Spark Job Definitions: multiple lakehouses

DennesTorres · ‎10-02-2023

Hi,

When I select multiple lakehouses on the Spark job definition, one becomes the default and all the others become a configuration setting available to the notebook.

If I'm using specific functions related to path, for example, listing all the tables on the lakehouse, will this "just work" automatically, or do I need to loop through all the lakehouses set to the job definition, changing the default one?

In the last case, how do I make this loop and change the default one?

Kind Regards,

Dennes

v-cboorla-msft · ‎10-05-2023

Hi @DennesTorres

Following up to see if the below suggestion was helpful. And, please do let us know in case of any further queries.

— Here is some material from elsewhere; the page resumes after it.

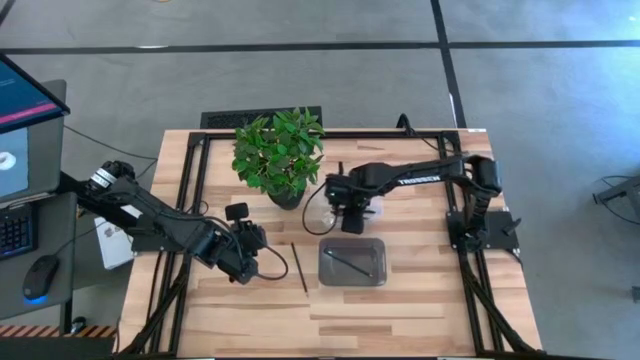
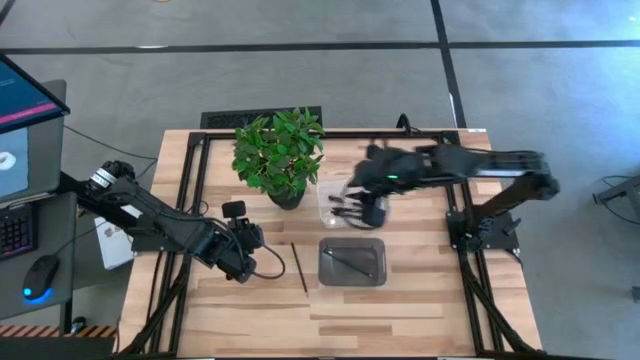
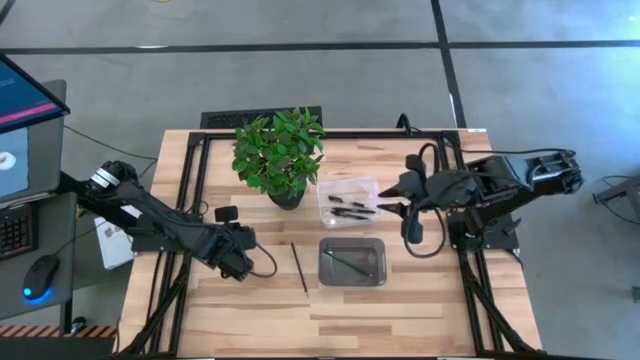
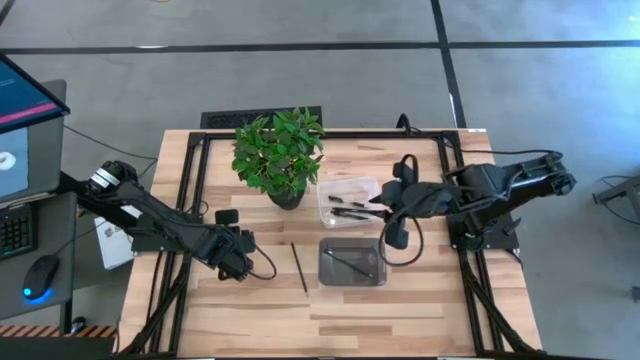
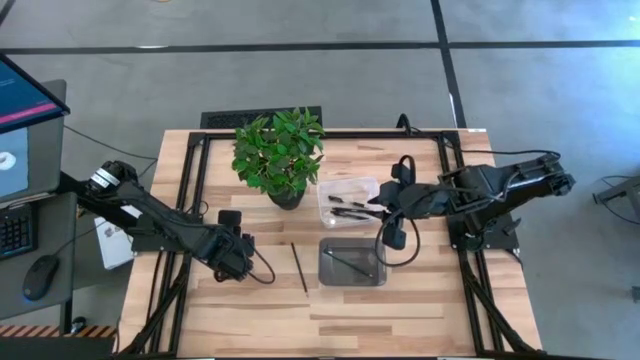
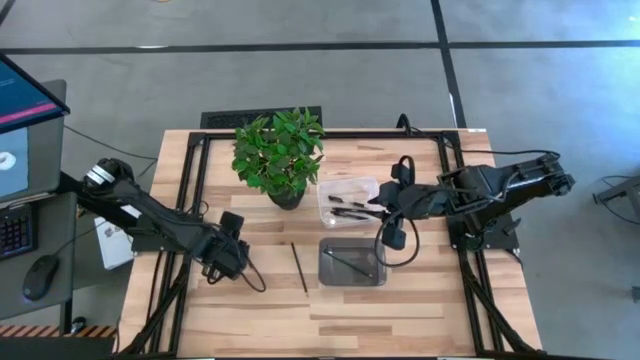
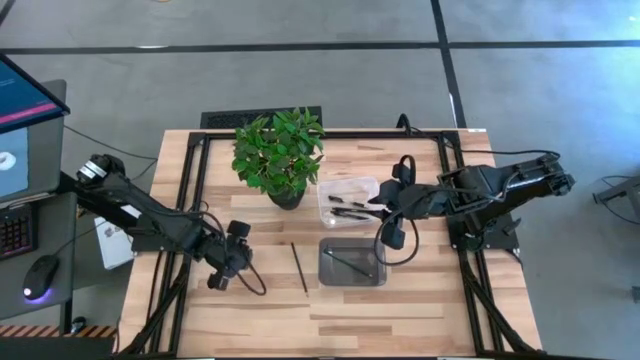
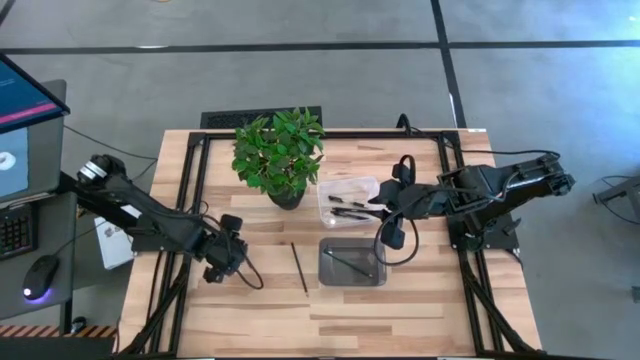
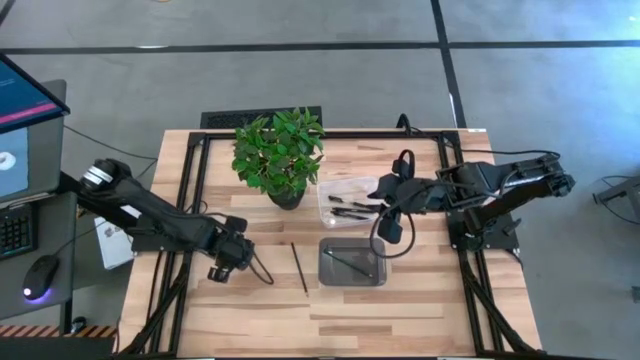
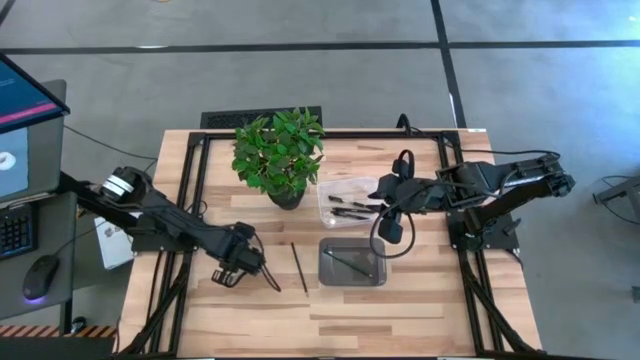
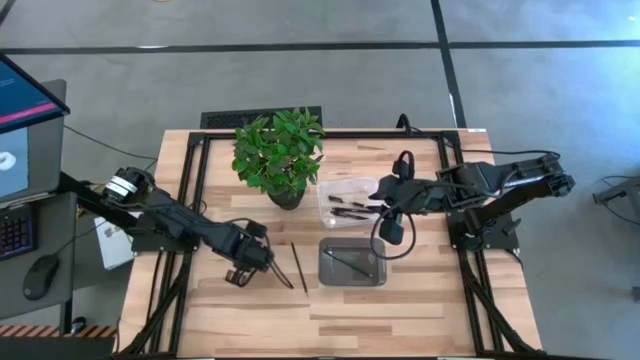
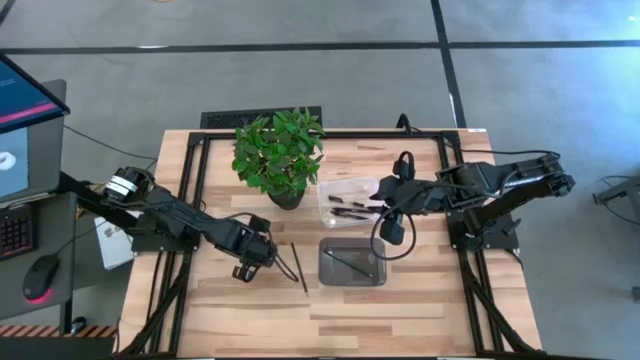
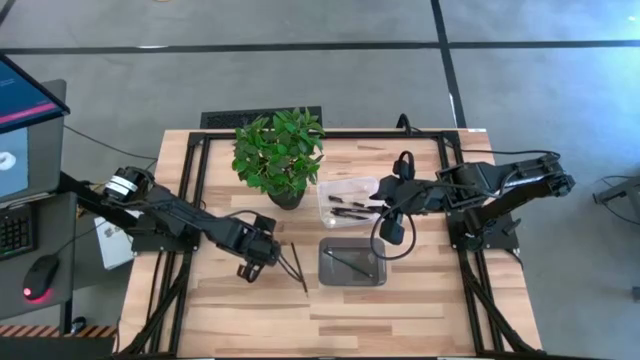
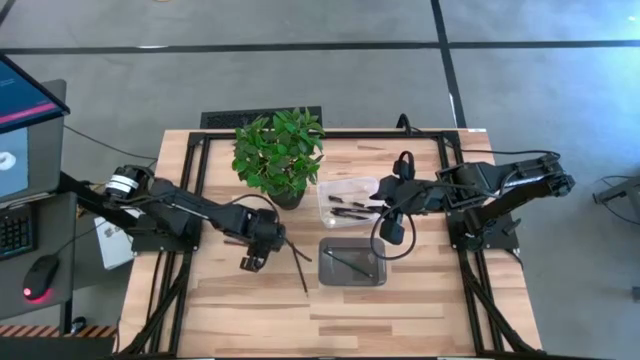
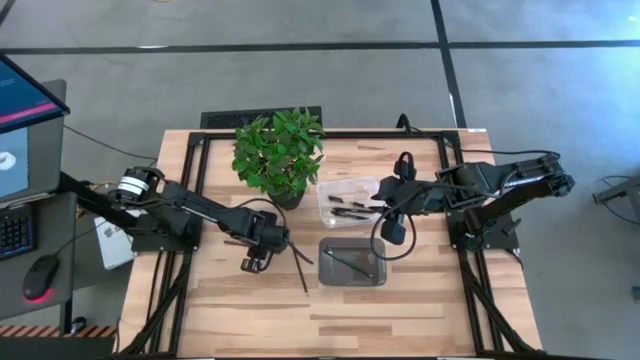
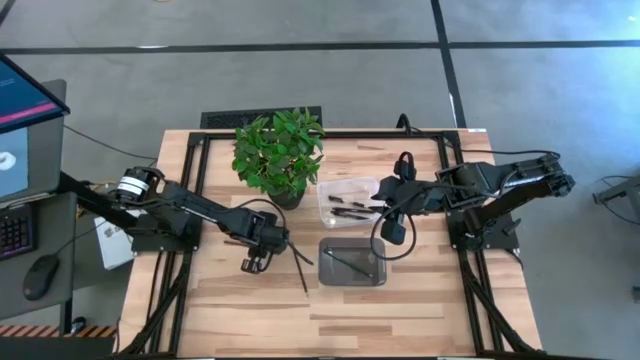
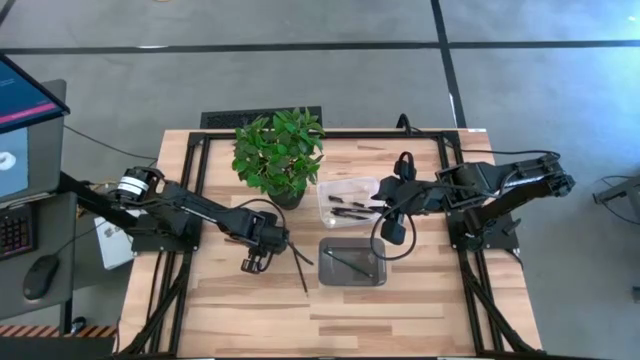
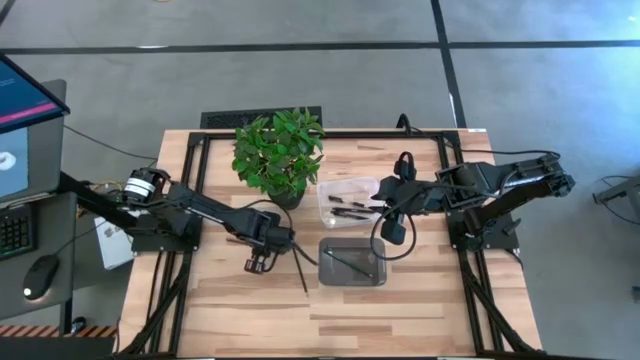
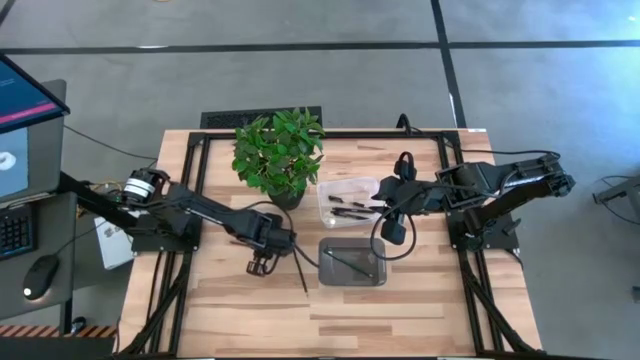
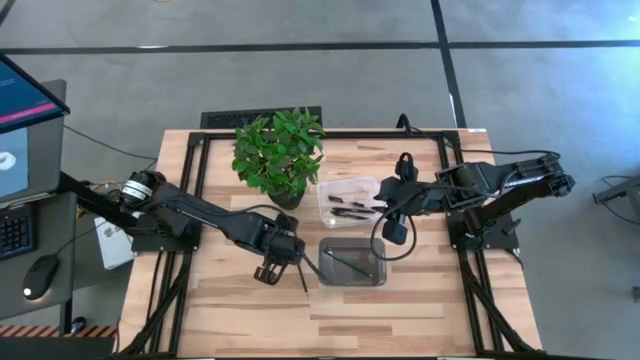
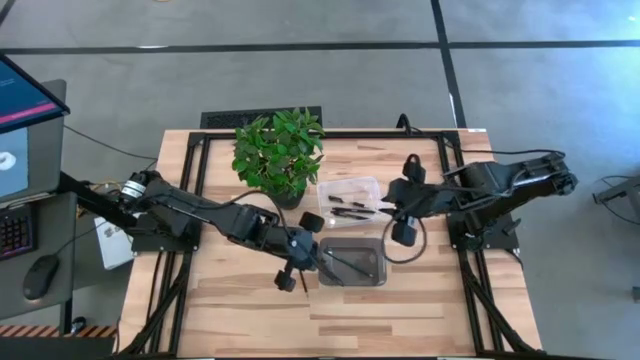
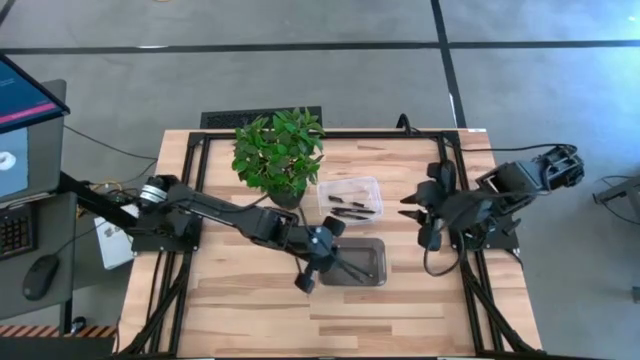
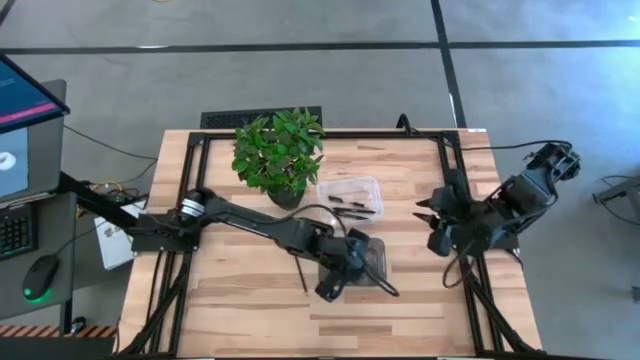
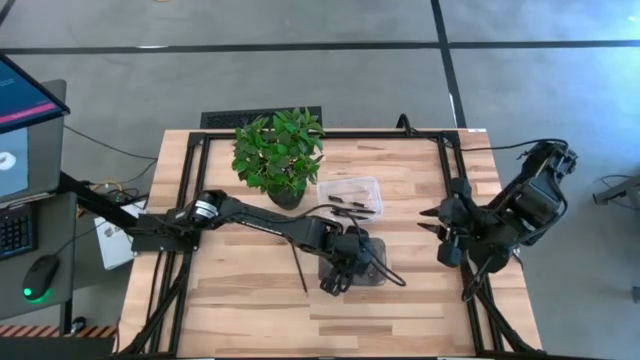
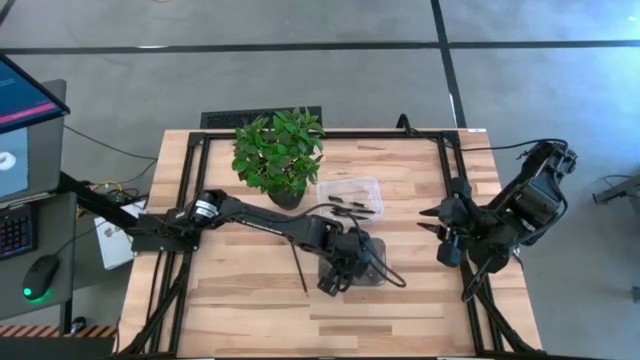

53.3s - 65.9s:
Task: Sort pens & pencils
Put the brown pencil into the black bin

v-cboorla-msft · ‎10-03-2023

Hi @DennesTorres

Welcome to Fabric Community and thanks for posting your question here.

As I understand that you are trying to list all the tables present in the Lakehouses. You can achieve this by running the below code in the notebook.

from pyspark.sql import SparkSession

spark = SparkSession \
    .builder \
    .appName("Python Spark SQL basic example") \
    .config("spark.some.config.option", "some-value") \
    .getOrCreate()
print("hello spark job definition")

# Get the list of lakehouses to read tables from.
lakehouses = ["lakehouse1", "lakehouse2"]

# Loop through the lakehouses and read all tables from each lakehouse.
for lakehouse in lakehouses:
    tables = spark.sql(f"SHOW TABLES IN {lakehouse}")
    print(tables)

Hope this helps, please do let us know if you have any queries.